Tampoco pueden ser consideradas normas de carácter reglamentario, ya que las directivas no tienen carácter ejecutivo, pues no se dictan en desarrollo de Ley alguna, ni pueden catalogarse como reglamentos de tal naturaleza. Basta con analizar su contenido para constatar que son directrices, líneas generales de actuación o planteamientos estratégicos, que carecen de elementos organizativos o normativos.

Félix Arteaga, en un artículo publicado sobre la Estrategia de Seguridad Nacional en el Real Instituto Elcano, considera que estos documentos tienen una vocación transformadora de las políticas públicas cuya labor comienza -y no termina- con su aprobación, por ello en su valoración se debe diferenciar el contenido de la misma de los mecanismos de puesta en marcha que, a la larga, serán los que demuestren la validez o irrelevancia del documento aprobado.

 

El pensamiento estratégico en España

El pensamiento estratégico en el ámbito de la seguridad surge, tal cual lo conocemos hoy en día, a través de la publicación de una estrategia de seguridad nacional en Estados Unidos en el año 1986 con el mandato establecido por la Ley Goldwater-Nichols que obligaba al presidente del país a remitir un informe anual al Congreso.

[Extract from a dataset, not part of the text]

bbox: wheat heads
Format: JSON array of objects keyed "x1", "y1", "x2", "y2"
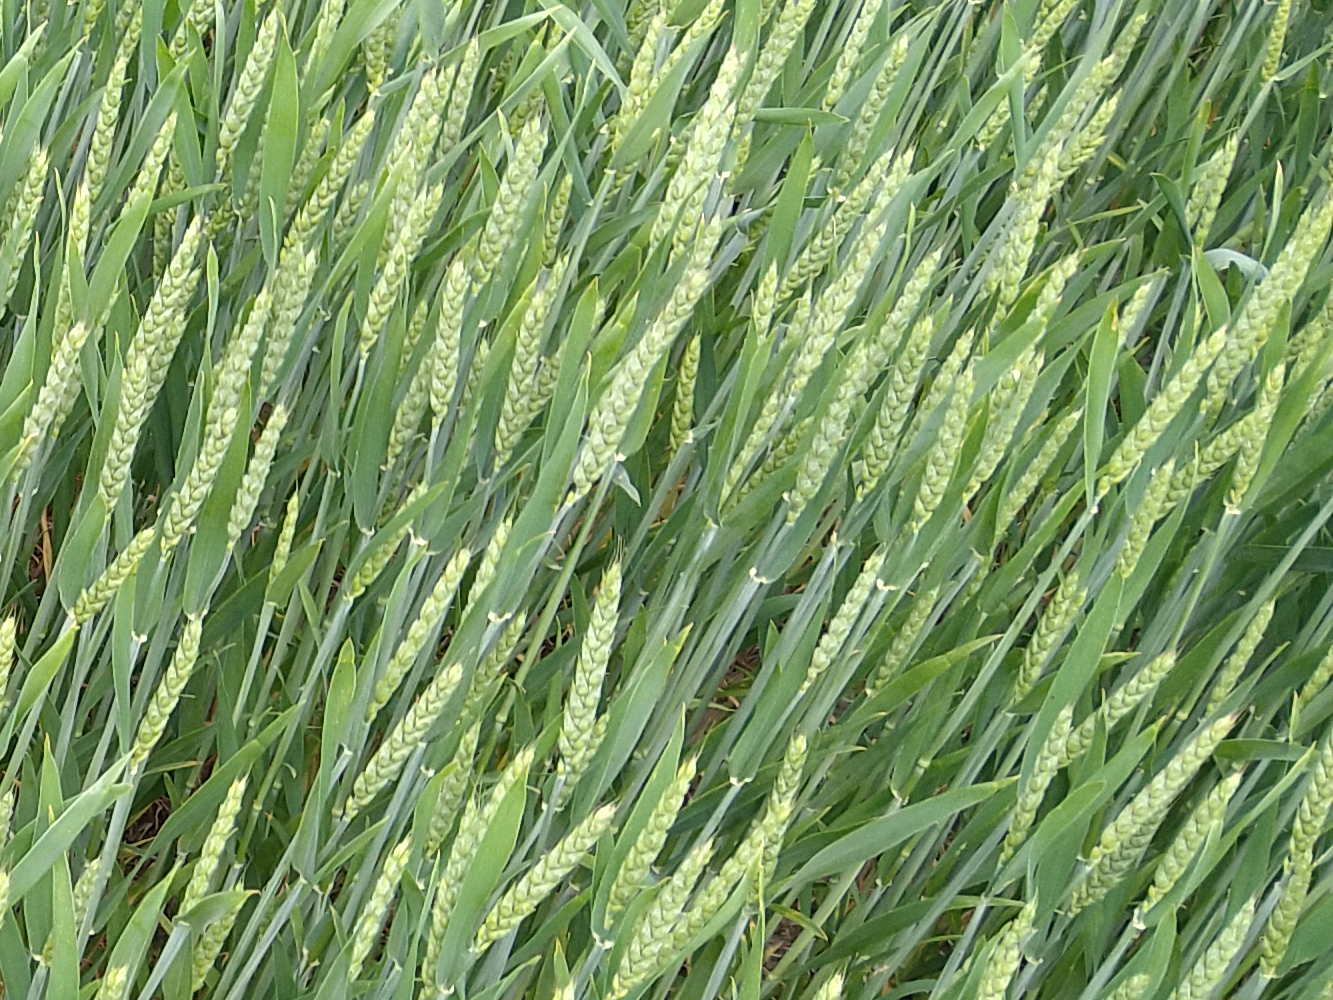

En España el primer documento estratégico de los últimos años podría ser la Revisión Estratégica de la Defensa, publicada en el año 2003. Un documento en el que se pretendía asegurar en el horizonte de los doce o quince años, la eficacia y la eficiencia en el esfuerzo que España, como Nación soberana, debía realizar tanto para atender sus propias necesidades de defensa como dentro del marco de seguridad compartida con nuestros socios y aliados.

Años después, España se sumó de una visión más transversal a este proceso con la publicación en 2011 de la Estrategia Española de Seguridad, el primer documento de su estilo en nuestro país que sin embargo careció de un verdadero impacto en la Seguridad Nacional por ser publicado al final de la segunda Legislatura del presidente Zapatero. Posteriormente, se publicó la Estrategia de Seguridad Nacional en 2013, un documento continuista con el anterior cuya mayor virtud ha sido construir las estructuras que soportan el Sistema de Seguridad Nacional en el ámbito del Presidente del Gobierno.

Esta Estrategia ha venido seguida de otras derivadas de segundo nivel como la Estrategia de Seguridad Marítima Nacional, la Estrategia de Ciberseguridad Nacional y la Estrategia de Seguridad Energética Nacional. Además, en el ámbito de la Acción Exterior, el Ministerio de Asuntos Exteriores y Cooperación publicó en el año 2014 la Estrategia de Acción Exterior.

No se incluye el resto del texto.